▶ Problem details
Line by line, please look for the word "degrees" in the following records, then copy each line you find it in.

(Beginning of Data shown)

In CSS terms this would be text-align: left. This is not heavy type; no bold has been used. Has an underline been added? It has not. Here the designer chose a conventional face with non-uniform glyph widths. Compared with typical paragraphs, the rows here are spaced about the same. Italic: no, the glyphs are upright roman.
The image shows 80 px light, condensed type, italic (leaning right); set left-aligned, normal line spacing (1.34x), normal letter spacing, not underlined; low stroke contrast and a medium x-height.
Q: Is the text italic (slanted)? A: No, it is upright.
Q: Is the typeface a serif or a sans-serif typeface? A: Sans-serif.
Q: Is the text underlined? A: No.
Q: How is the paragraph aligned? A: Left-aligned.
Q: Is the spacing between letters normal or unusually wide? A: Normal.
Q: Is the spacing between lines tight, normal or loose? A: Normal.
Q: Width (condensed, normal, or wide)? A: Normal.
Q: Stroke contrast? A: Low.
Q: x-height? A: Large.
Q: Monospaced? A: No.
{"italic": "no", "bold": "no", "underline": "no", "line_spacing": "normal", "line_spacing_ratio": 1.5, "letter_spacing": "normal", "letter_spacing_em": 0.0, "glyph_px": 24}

(End of Data shown)
(Beginning of Data shown)

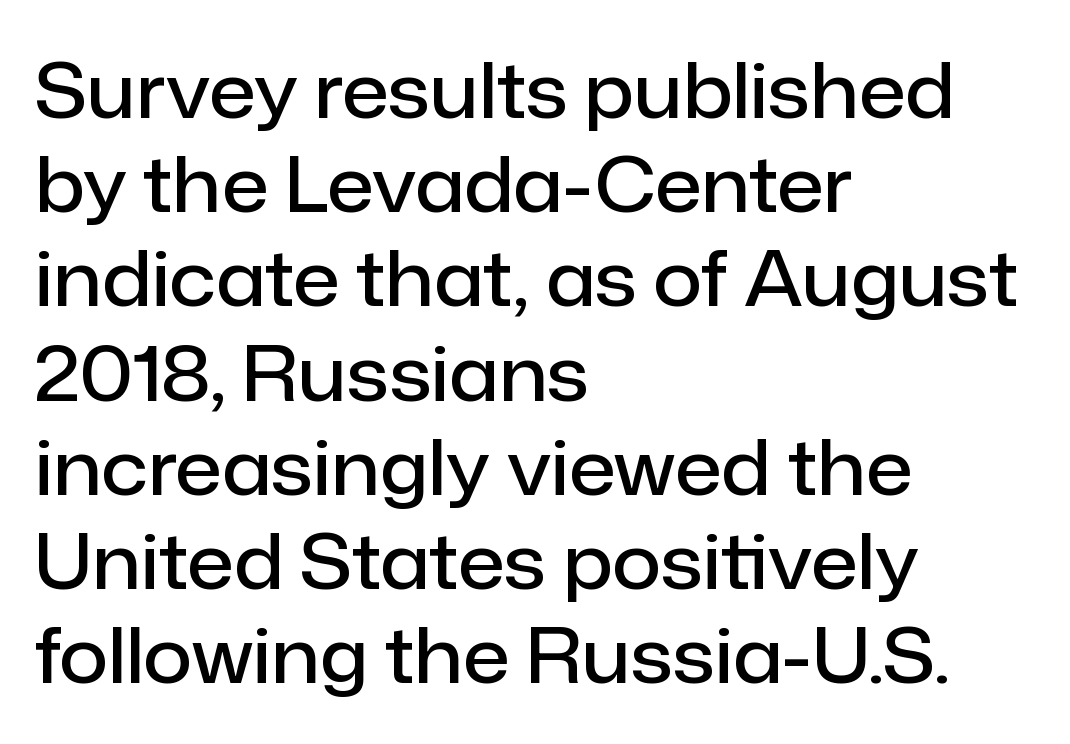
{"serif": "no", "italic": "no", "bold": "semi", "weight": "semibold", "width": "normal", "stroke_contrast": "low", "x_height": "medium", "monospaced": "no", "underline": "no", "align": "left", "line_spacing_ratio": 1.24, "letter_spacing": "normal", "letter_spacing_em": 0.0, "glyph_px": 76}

(End of Data shown)
(Beginning of Data shown)

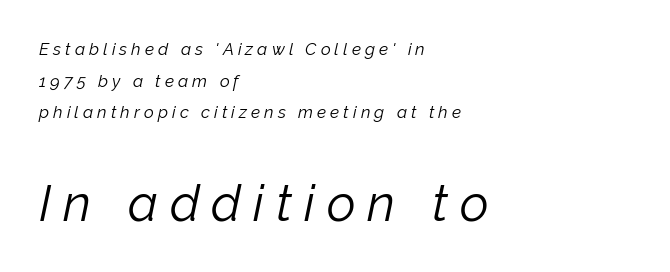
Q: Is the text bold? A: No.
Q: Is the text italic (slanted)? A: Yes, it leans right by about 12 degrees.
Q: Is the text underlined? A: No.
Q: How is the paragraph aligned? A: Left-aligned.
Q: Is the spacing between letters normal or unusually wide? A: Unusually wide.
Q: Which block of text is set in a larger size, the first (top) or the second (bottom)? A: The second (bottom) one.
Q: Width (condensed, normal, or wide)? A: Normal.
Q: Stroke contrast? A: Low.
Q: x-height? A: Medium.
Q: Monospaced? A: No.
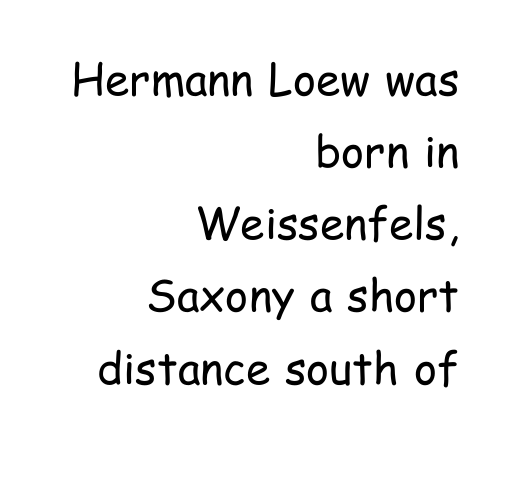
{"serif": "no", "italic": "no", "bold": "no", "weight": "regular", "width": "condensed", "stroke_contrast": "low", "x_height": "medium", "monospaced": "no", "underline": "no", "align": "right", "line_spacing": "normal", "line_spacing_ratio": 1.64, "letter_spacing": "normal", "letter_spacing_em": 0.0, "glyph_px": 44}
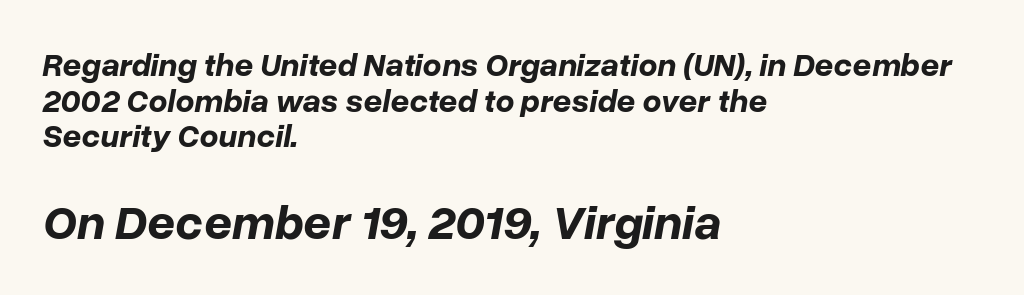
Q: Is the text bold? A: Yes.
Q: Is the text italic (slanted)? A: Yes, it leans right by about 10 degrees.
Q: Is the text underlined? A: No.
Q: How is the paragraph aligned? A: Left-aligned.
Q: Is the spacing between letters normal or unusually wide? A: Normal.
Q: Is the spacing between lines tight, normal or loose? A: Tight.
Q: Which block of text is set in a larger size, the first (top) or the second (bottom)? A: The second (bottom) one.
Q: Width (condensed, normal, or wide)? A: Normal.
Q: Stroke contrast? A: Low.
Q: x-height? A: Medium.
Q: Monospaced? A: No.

(End of Data shown)

▶ Expected answer
Q: Is the text italic (slanted)? A: Yes, it leans right by about 12 degrees.
Q: Is the text italic (slanted)? A: Yes, it leans right by about 10 degrees.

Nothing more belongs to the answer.